Owen has also used R for nearly 20 years, and has particular expertise in teaching beginners, multivariate statistics, spatial data, programming, maximum likelihood estimation, and visualisation (i.e., nice graphs!). His research focuses on the causes and consequences of extinctions in a changing world. His group performs experiments with microbial communities, models the structure of food webs, analyses variation in biodiversity, and does fieldwork in Iceland, the UK, and Switzerland.
PhD in Ecology, 1997
Imperial College London
BA Natural Sciences, 1994
Kings College, Cambridge University
Natalie Cooper’s reasearch aims to understand broad-scale patterns of biodiversity.
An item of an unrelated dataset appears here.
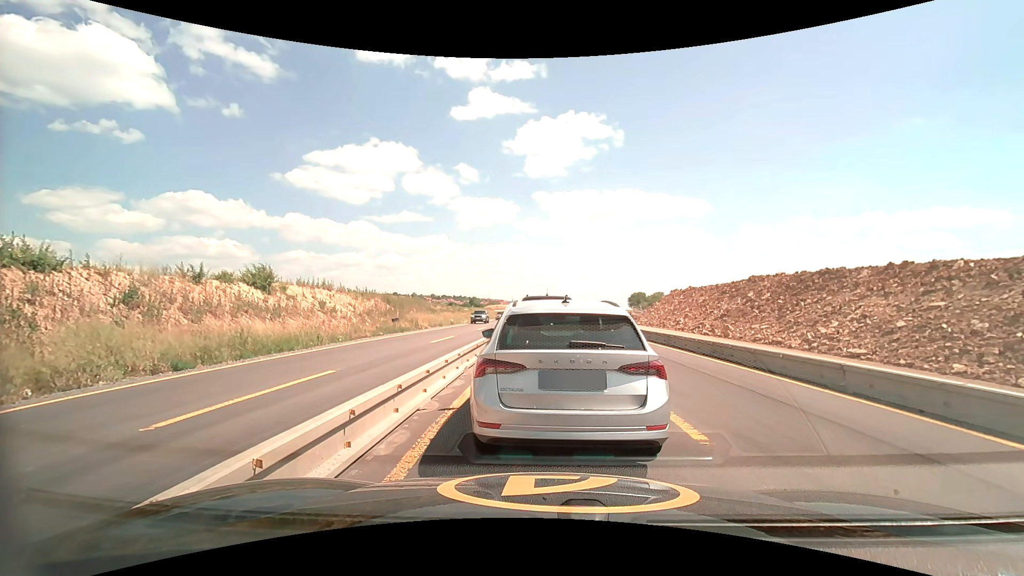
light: Day
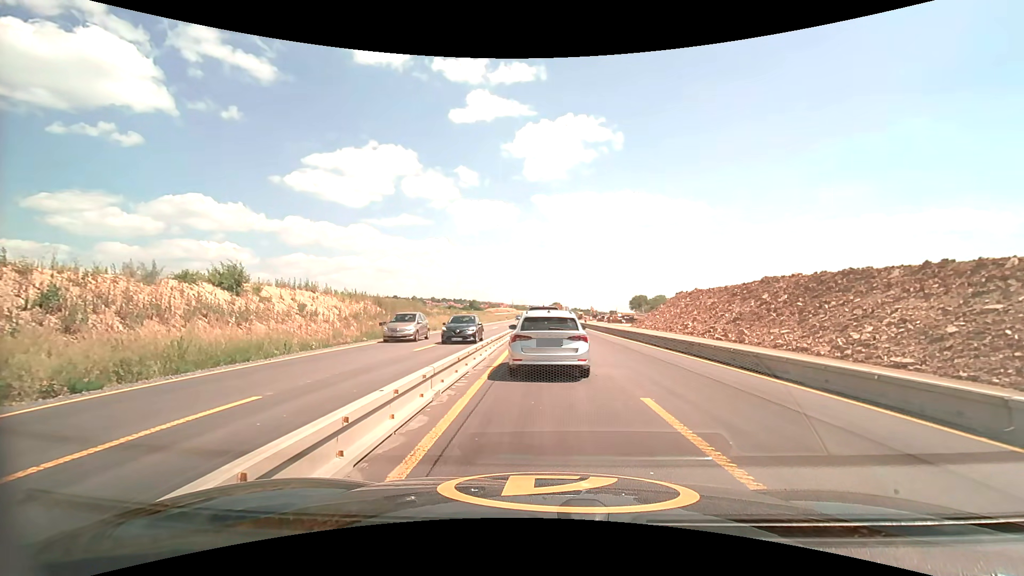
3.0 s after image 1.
(0.0, +3.4) m; 0°
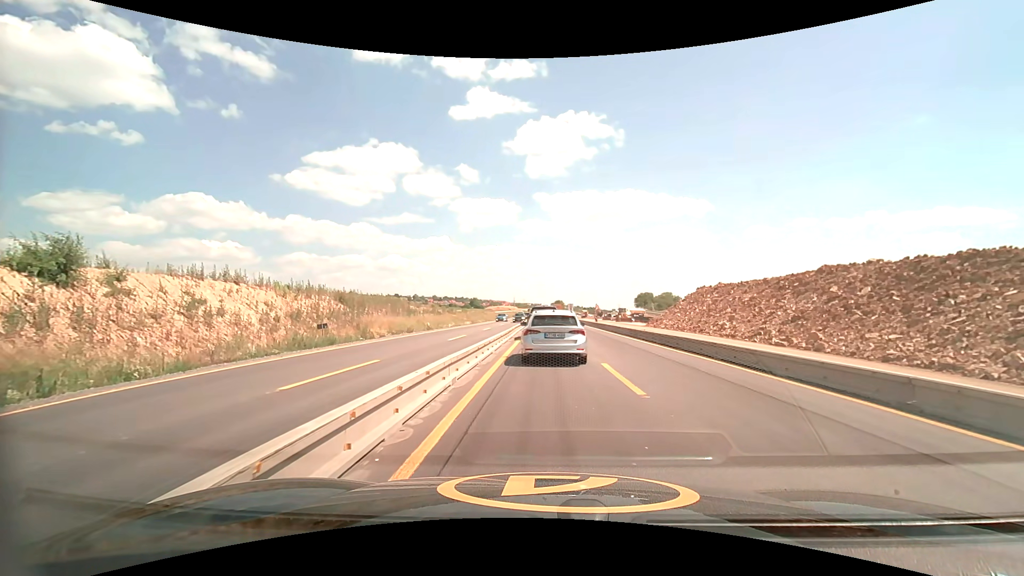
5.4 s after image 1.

She uses cutting-edge phylogenetic comparative methods and various large datasets to investigate a variety of topics using R. She currently has projects on whales, snakes, dinosaurs, bryozoans, corals, pangolins, tenrecs, fishes, chameleons, amphibians and many more! Natalie is an advocate for diversity in STEM and reproducibility. In her spare time she likes to read, watch Netflix and climb mountains, while sticking it to the patriarchy.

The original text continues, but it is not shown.